═══ Provided information ═══
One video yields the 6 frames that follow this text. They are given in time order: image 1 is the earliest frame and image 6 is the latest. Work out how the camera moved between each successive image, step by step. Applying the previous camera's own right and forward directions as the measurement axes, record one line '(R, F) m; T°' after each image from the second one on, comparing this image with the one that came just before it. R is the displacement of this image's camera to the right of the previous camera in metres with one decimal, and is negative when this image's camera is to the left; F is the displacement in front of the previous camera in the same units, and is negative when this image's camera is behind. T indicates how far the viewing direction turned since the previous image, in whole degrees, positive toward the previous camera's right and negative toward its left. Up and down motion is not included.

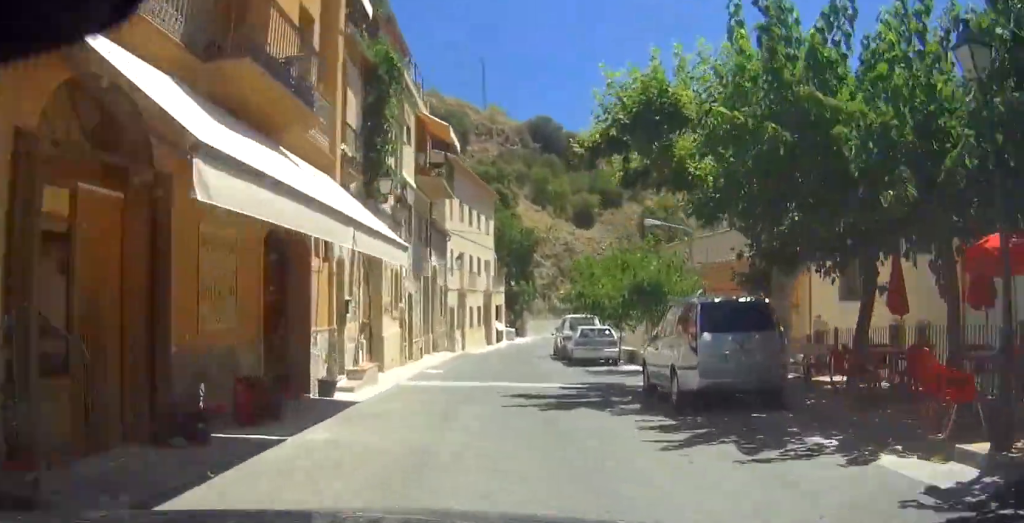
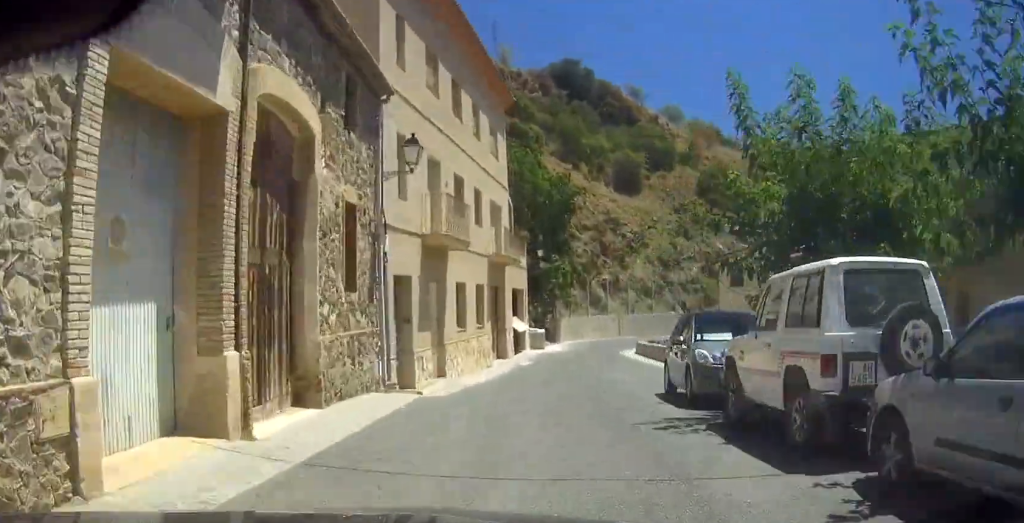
(+0.2, +23.9) m; +3°
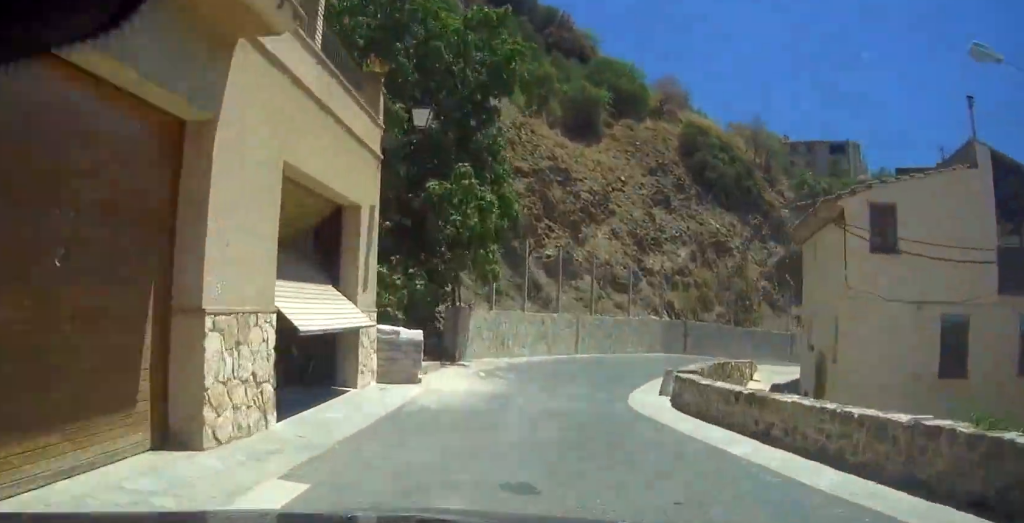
(+1.2, +24.6) m; +5°
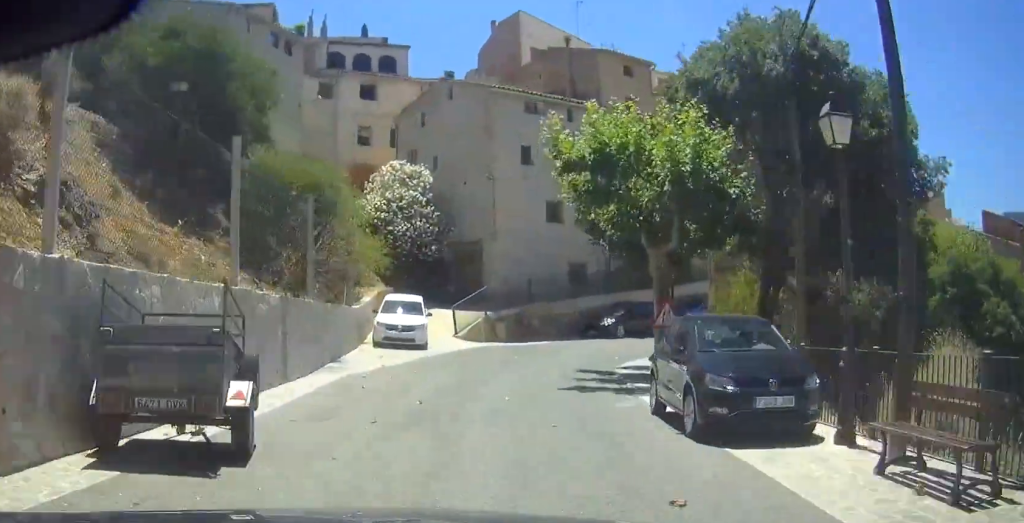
(+23.0, +43.5) m; +66°
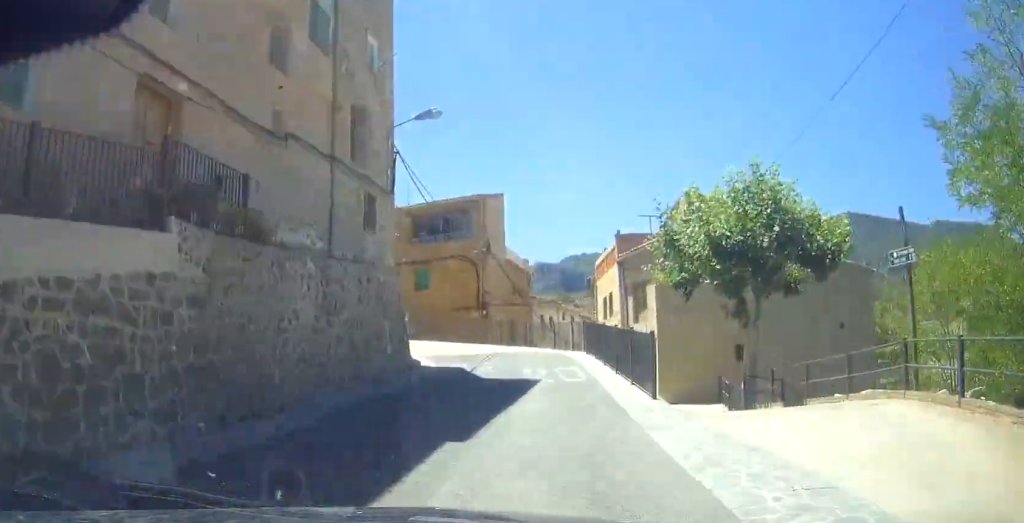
(+9.8, +40.3) m; +17°
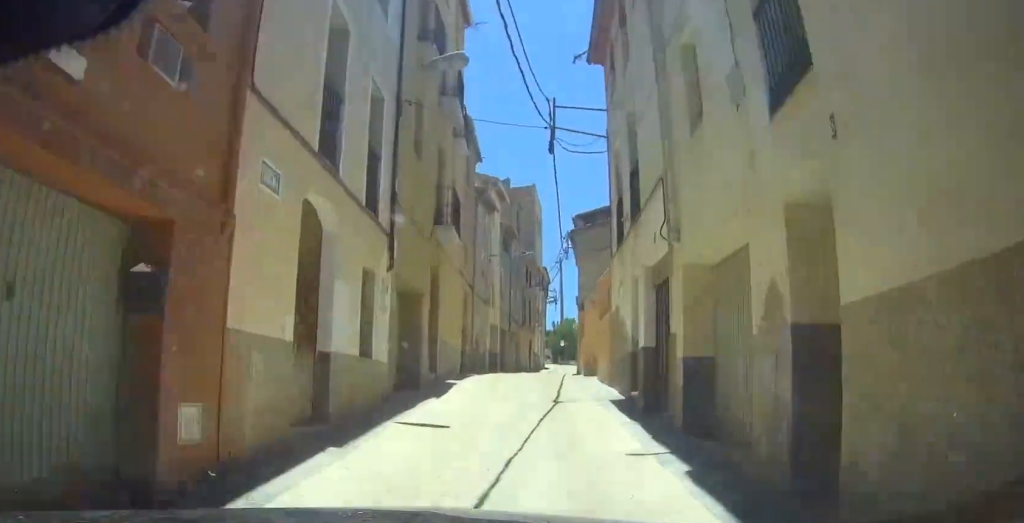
(-11.9, +53.0) m; -31°
═══
-- Activity --
A word-for-word copy of the data, without its pictures, is what is needed.

-- Answer space --
One video yields the 6 frames that follow this text. They are given in time order: image 1 is the earliest frame and image 6 is the latest. Work out how the camera moved between each successive image, step by step. Applying the previous camera's own right and forward directions as the measurement axes, record one line '(R, F) m; T°' after each image from the second one on, comparing this image with the one that came just before it. R is the displacement of this image's camera to the right of the previous camera in metres with one decimal, and is negative when this image's camera is to the left; F is the displacement in front of the previous camera in the same units, and is negative when this image's camera is behind. T indicates how far the viewing direction turned since the previous image, in whole degrees, positive toward the previous camera's right and negative toward its left. Up and down motion is not included.

(+0.2, +23.9) m; +3°
(+1.2, +24.6) m; +5°
(+23.0, +43.5) m; +66°
(+9.8, +40.3) m; +17°
(-11.9, +53.0) m; -31°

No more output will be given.